Given a string s and a dictionary of strings wordDict, return all possible sentences where s is segmented into dictionary words.
Input: s="catsanddog", wordDict=["cat","cats","and","sand","dog"] → Output: ["cats and dog","cat sand dog"]Input: s="pineapplepenapple", wordDict=["apple","pen","applepen","pine","pineapple"] → Output: ["pine apple pen apple","pineapple pen apple","pine applepen apple"]
DFS with memoization. At each starting position, try all dictionary words as next segment. Cache results per position.
- Build a Set from wordDict for O(1) lookup.
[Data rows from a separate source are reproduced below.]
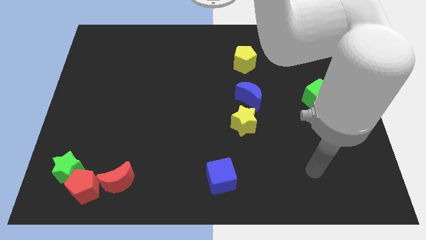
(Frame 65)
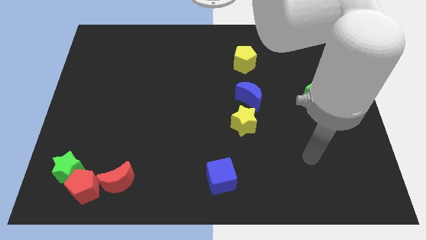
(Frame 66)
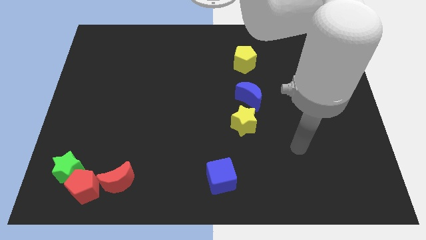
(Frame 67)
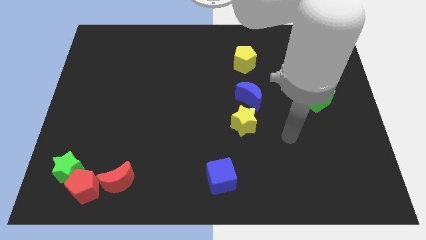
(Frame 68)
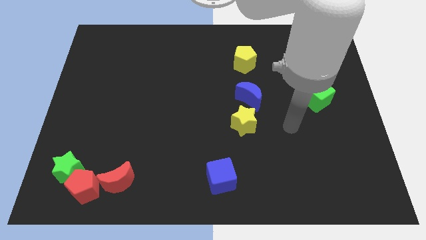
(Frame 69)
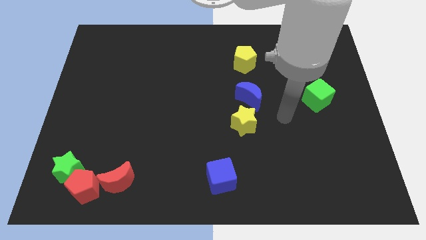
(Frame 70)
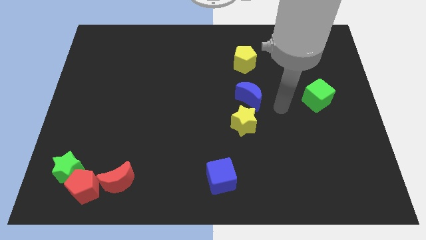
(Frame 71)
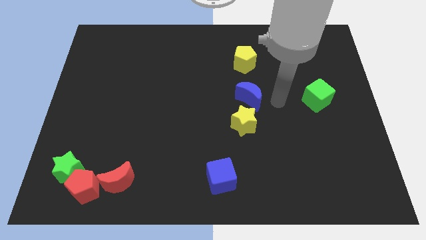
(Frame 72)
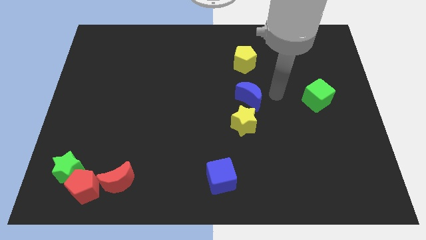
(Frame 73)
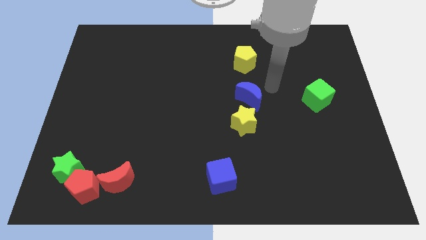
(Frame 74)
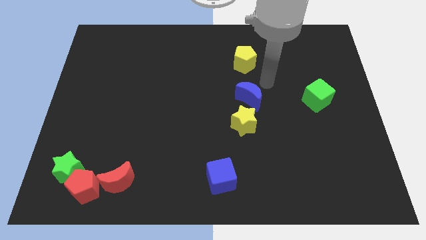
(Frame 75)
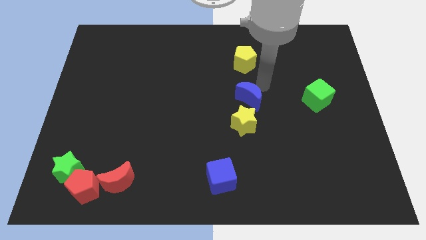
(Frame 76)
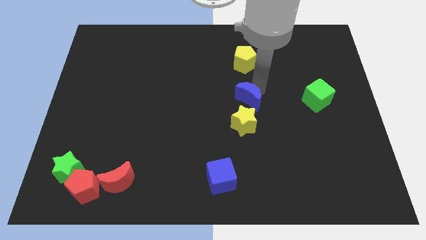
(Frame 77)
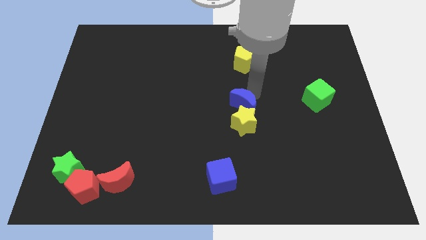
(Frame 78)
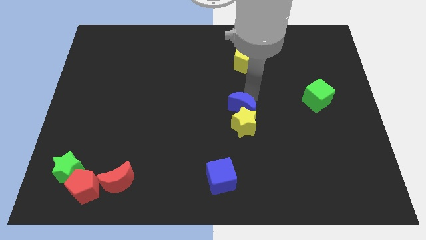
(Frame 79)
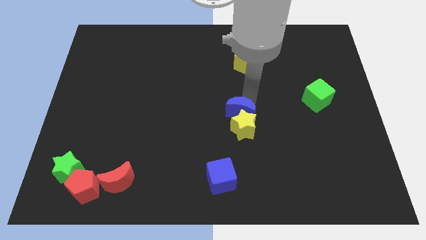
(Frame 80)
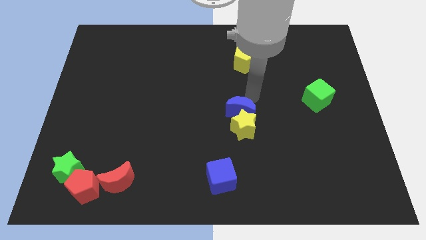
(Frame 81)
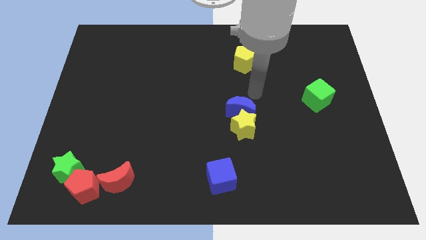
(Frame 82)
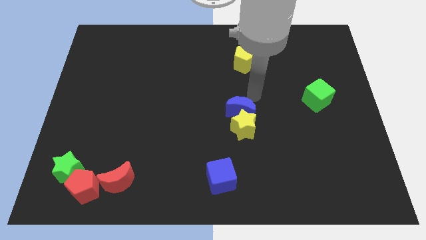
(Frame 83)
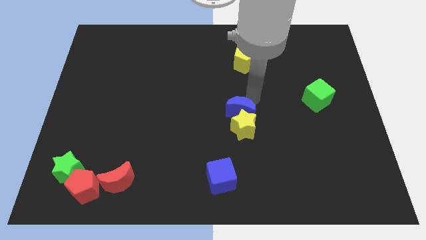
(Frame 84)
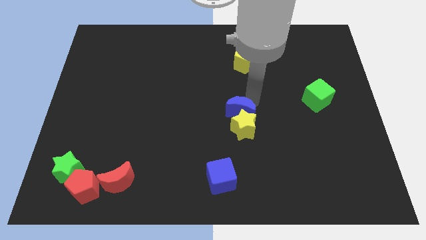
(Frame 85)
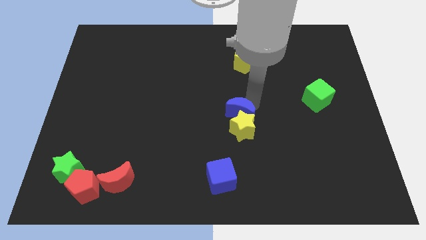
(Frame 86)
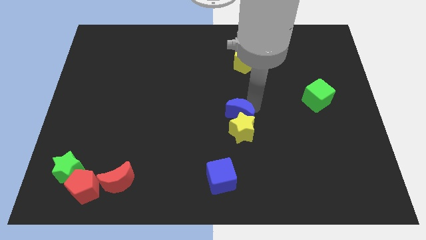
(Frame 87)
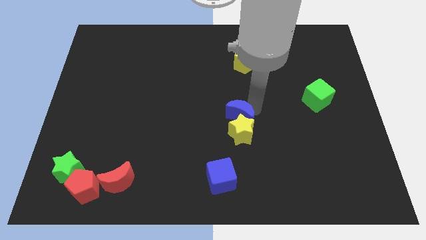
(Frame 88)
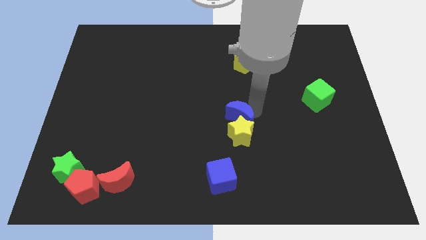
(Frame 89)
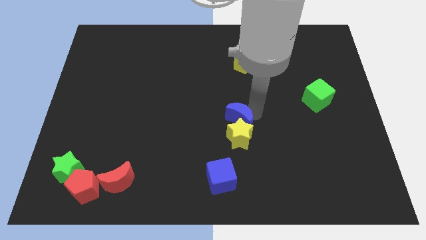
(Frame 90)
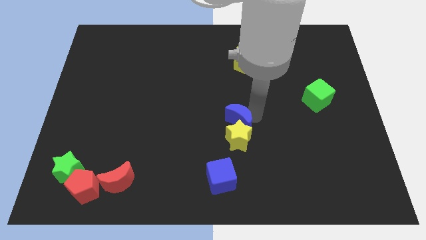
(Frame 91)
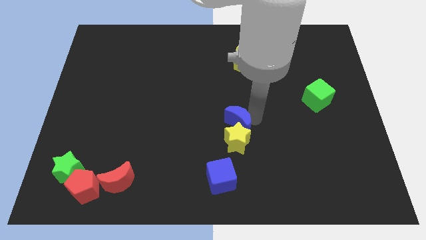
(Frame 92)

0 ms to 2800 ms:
move the blue moon above the blue cube

- DFS(start): try all substrings s[start..end] that exist in dict.
- Recursively get sentences for s[end..] and prepend current word.
- Memoize results by start index.
import java.util.*;
class Solution {
Map<Integer,List<String>> memo = new HashMap<>();
Set<String> dict;
public List<String> wordBreak(String s, List<String> wordDict) {
dict = new HashSet<>(wordDict);
return dfs(s, 0);
}
private List<String> dfs(String s, int start) {
if (memo.containsKey(start)) return memo.get(start);
List<String> res = new ArrayList<>();
if (start == s.length()) { res.add(""); return res; }
for (int end = start+1; end <= s.length(); end++) {
String word = s.substring(start, end);
if (dict.contains(word)) {
List<String> rest = dfs(s, end);
for (String r : rest) res.add(word + (r.isEmpty() ? "" : " " + r));
}
}
memo.put(start, res);
return res;
}
}
- Time Complexity: O(N^3 + 2^N) in worst case
- Space Complexity: O(N^2)